What is the probability that at least two people share the same birhtday in this room?
Is is \(\frac{1}{365} \times 25 = 0.0684932\)
But actually when we compute the math. We get an surprising result:
\[\begin{align} 1 - \bar p(n) &= 1 \times \left(1-\frac{1}{365}\right) \times \left(1-\frac{2}{365}\right) \times \cdots \times \left(1-\frac{n-1}{365}\right) \nonumber \\ &= \frac{ 365 \times 364 \times \cdots \times (365-n+1) }{ 365^n } \nonumber \\ &= \frac{ 365! }{ 365^n (365-n)!} = \frac{n!\cdot\binom{365}{n}}{365^n}\\ p(n= 25) &= 0.569 \nonumber \end{align}\]1 - Simulate 10,000 rooms with n = 25 random birthdays, and store the results in matrix where each row represents a room.
2 - For each room (row) compute the number of unique birthdays.

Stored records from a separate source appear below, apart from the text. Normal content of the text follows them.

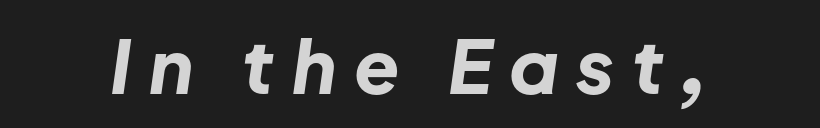
Q: Is the text bold? A: Yes.
Q: Is the text italic (slanted)? A: Yes, it leans right by about 8 degrees.
Q: Is the text underlined? A: No.
Q: Is the spacing between letters normal or unusually wide? A: Unusually wide.
Q: Width (condensed, normal, or wide)? A: Normal.
Q: Stroke contrast? A: Low.
Q: x-height? A: Medium.
Q: Monospaced? A: No.
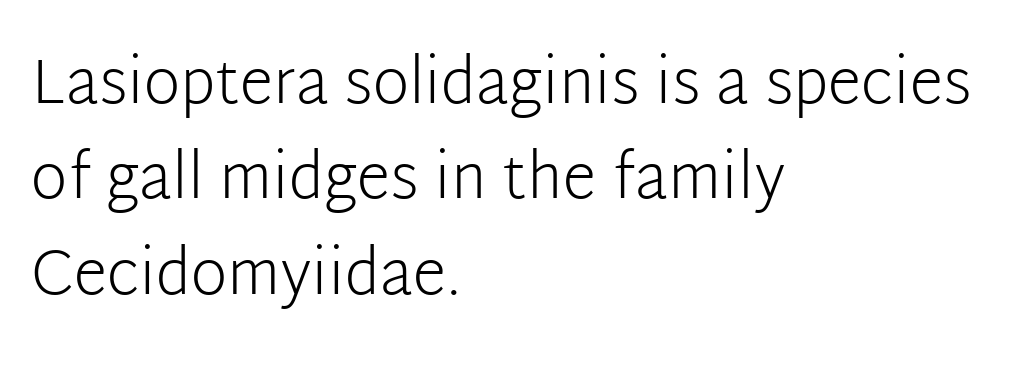
The image shows 62 px light sans-serif type, upright; set left-aligned, normal line spacing (1.54x), normal letter spacing, not underlined; low stroke contrast and a medium x-height.
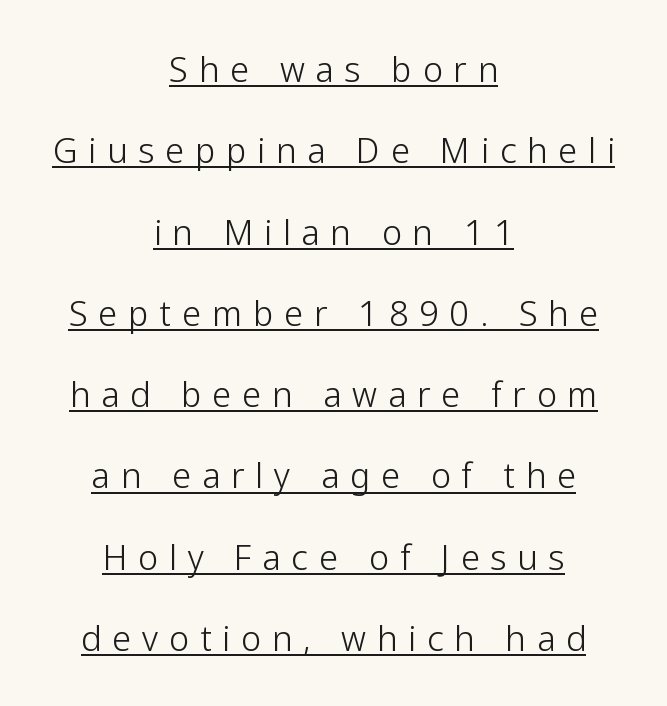
The letters are spread apart with noticeably loose tracking. Loosely led — the rows are spread out. Centered paragraph, ragged on both sides. Tall strokes in this sample are plumb rather than angled.
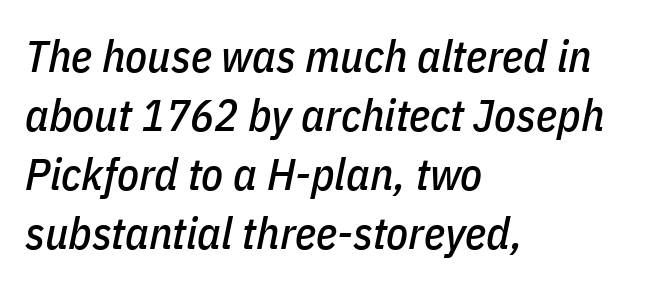
The rows are spaced the way most documents space them. The words here are not underlined. Horizontal alignment here is leftward, the default for most running prose. Proportional: the letters do not fall into vertical columns. Rendered with sloped, italic letterforms.
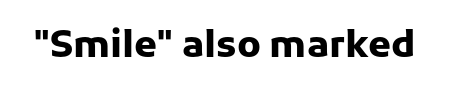
The image shows 37 px heavy sans-serif type, upright; set normal letter spacing, not underlined; low stroke contrast and a medium x-height.
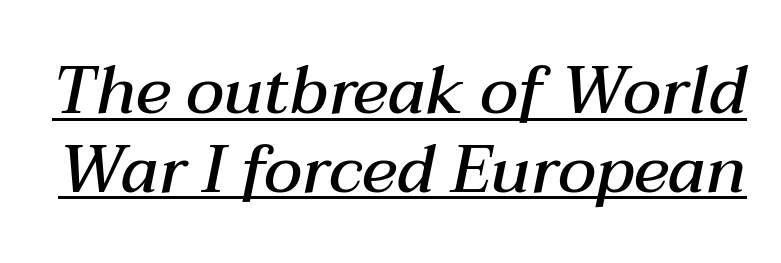
{"italic": "yes", "lean": "right", "slant_degrees": 12, "bold": "semi", "weight": "semibold", "width": "normal", "stroke_contrast": "medium", "x_height": "medium", "monospaced": "no", "underline": "yes", "line_spacing_ratio": 1.19, "letter_spacing": "normal", "letter_spacing_em": 0.0, "glyph_px": 66}
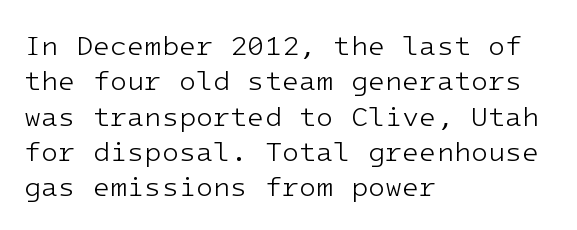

3 - Compute the average number of times a room has 25 unique birthdays, across 10,000 simulations, and report the complement.
birthday.prob = function(n.pers, n.sims) {
# simulate birthdays
birthdays = matrix(round(runif(n.pers * n.sims, 1,
365)), nrow = n.sims,
ncol = n.pers)
# for each room (row) get unique birthdays
unique.birthdays = apply(birthdays, 1, unique)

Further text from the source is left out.